RECORDS FOR THIS TASK
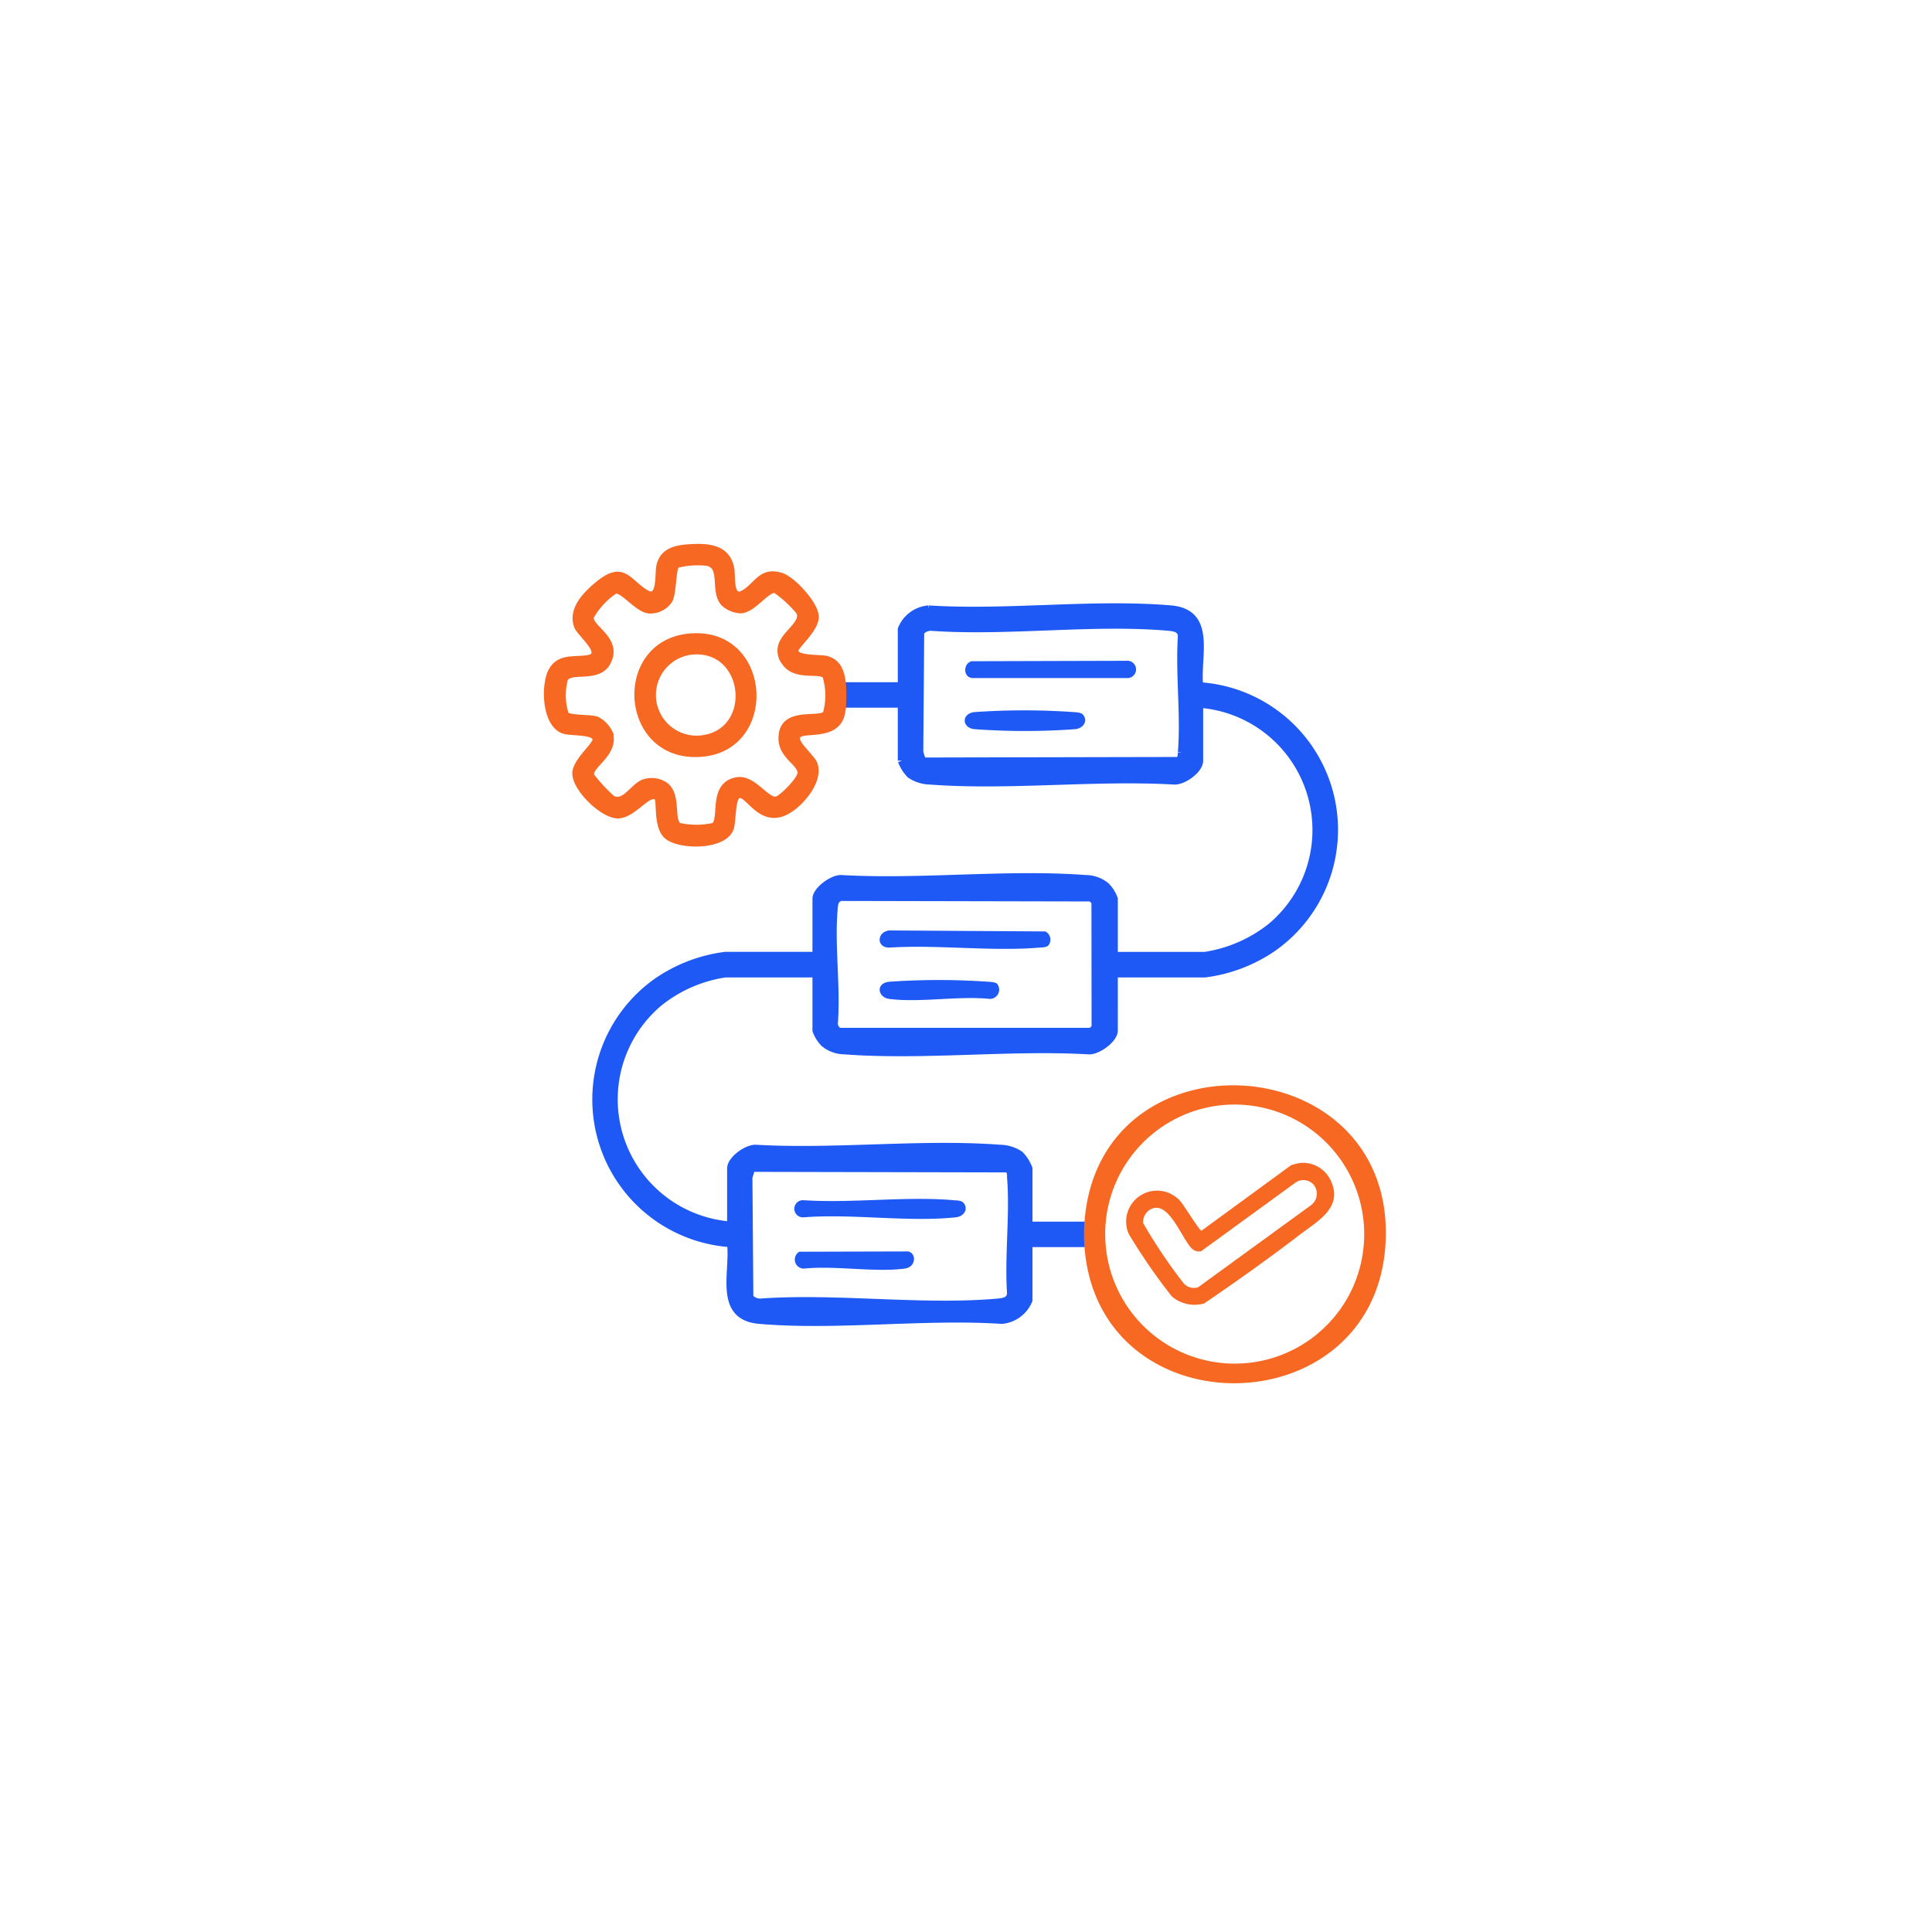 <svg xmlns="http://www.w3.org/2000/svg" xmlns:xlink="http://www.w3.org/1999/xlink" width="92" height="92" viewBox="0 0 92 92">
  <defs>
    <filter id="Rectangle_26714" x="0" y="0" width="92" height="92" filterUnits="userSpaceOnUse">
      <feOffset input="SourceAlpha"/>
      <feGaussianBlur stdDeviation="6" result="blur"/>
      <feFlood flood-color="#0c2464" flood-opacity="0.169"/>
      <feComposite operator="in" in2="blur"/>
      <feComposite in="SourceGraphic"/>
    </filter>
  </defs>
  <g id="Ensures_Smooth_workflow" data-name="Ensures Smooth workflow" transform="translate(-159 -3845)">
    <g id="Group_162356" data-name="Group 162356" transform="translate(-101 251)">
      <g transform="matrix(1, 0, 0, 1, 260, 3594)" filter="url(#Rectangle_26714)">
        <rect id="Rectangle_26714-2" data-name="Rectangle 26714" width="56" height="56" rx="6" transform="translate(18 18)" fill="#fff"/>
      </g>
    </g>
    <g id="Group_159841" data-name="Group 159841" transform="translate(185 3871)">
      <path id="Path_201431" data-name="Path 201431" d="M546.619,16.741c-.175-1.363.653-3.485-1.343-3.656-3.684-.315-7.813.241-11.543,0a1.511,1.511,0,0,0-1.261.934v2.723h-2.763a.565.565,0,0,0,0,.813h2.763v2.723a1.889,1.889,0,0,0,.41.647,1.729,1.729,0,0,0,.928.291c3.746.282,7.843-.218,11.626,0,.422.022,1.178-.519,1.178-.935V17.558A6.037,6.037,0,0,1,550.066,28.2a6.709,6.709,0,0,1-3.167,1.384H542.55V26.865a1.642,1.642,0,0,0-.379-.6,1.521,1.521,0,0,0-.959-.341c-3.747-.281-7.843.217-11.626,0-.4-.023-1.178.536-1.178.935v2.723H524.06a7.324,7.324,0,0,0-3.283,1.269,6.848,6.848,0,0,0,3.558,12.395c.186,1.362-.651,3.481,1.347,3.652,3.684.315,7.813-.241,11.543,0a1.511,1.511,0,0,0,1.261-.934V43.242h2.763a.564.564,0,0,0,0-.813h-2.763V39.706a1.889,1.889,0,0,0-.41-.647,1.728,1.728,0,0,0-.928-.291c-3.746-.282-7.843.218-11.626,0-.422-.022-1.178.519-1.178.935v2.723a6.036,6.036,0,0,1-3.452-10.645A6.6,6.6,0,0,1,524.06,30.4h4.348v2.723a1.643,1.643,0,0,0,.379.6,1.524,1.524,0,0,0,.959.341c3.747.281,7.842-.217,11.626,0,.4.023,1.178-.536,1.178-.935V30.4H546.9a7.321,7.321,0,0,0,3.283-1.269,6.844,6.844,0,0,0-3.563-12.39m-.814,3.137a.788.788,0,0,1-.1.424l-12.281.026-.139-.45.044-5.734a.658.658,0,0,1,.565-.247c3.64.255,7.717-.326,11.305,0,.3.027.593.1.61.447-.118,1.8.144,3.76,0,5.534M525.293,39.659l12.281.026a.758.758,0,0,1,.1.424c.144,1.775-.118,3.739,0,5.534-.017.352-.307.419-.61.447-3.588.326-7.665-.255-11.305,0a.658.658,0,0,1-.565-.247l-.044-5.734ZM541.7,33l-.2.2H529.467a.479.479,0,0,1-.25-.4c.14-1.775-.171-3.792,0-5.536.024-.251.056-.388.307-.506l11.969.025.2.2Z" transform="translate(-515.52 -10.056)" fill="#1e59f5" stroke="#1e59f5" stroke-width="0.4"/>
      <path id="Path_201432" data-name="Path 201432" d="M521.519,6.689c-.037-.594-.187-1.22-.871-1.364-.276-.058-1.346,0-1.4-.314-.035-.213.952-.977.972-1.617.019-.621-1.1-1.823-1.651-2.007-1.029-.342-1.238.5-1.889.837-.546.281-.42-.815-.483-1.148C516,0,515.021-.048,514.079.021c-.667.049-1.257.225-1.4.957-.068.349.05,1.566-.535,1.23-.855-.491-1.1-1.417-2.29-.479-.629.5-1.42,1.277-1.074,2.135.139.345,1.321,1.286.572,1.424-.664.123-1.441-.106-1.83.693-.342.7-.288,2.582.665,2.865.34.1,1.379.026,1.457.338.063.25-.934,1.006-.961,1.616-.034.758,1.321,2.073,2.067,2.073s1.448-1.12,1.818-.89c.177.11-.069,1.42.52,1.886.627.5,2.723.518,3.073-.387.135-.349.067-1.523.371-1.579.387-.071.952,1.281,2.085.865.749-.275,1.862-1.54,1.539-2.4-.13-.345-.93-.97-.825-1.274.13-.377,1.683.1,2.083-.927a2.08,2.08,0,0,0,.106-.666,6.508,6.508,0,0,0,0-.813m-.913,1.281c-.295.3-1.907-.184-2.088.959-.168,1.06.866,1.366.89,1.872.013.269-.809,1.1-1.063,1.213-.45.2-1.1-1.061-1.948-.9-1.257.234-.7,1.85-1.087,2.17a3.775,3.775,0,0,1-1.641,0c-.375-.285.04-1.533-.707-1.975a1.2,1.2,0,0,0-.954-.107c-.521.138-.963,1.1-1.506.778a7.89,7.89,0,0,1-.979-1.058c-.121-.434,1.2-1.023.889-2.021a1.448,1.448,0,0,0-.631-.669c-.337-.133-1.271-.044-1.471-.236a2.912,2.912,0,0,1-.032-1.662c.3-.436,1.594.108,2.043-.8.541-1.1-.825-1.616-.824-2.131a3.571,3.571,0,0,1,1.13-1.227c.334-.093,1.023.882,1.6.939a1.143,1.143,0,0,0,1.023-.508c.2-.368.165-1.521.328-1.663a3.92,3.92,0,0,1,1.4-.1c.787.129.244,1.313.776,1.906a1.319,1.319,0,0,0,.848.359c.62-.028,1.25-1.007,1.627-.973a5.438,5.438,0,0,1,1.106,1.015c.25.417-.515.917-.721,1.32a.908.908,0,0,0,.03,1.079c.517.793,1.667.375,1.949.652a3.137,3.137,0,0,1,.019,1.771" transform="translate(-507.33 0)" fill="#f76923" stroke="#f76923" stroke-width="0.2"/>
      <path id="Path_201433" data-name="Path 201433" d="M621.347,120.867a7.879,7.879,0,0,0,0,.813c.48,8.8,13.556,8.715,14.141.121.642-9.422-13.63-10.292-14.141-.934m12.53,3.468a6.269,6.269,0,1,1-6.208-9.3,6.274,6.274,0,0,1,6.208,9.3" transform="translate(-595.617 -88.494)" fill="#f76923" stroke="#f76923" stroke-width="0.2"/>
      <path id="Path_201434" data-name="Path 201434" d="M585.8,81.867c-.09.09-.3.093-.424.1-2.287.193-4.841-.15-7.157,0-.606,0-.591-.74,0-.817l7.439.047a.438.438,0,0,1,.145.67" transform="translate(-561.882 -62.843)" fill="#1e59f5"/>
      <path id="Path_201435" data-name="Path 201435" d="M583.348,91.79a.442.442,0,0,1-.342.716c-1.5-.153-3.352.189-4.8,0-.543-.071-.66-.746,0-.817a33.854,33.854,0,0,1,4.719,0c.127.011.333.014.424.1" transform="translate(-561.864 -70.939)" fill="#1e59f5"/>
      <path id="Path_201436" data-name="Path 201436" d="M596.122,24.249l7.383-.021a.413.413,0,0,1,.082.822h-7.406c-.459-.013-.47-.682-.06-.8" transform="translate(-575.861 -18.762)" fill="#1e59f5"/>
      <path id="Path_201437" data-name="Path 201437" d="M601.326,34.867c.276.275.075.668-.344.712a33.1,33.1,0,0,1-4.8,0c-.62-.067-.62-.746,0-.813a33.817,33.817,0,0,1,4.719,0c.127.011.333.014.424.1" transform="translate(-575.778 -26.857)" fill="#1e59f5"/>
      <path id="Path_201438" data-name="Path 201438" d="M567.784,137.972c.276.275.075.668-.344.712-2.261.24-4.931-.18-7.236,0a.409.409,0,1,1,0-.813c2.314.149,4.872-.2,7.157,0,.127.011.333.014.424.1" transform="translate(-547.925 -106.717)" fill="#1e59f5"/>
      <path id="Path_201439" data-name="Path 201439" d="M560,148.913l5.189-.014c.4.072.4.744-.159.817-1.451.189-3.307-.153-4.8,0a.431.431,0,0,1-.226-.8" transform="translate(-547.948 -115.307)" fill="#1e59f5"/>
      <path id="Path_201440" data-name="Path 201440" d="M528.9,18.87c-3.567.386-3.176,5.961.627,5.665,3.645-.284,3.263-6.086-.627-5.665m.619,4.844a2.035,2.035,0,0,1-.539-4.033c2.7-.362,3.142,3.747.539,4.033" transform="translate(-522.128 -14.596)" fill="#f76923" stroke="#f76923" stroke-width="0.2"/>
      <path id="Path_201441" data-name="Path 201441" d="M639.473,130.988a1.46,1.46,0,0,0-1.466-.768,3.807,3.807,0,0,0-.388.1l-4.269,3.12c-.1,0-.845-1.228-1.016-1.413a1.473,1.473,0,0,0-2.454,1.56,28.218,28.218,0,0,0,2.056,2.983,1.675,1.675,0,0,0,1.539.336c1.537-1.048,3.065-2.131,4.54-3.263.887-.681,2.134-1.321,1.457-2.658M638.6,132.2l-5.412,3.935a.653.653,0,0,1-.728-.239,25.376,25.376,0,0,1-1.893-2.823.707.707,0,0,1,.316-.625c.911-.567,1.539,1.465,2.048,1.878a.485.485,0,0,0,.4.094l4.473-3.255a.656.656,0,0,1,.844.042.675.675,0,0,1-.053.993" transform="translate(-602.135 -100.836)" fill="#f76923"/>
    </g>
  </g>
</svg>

HOW TO COMPLETE THIS TASK
Reproduce each line from the listing above that includes the word "filter".

RESPONSE
    <filter id="Rectangle_26714" x="0" y="0" width="92" height="92" filterUnits="userSpaceOnUse">
    </filter>
      <g transform="matrix(1, 0, 0, 1, 260, 3594)" filter="url(#Rectangle_26714)">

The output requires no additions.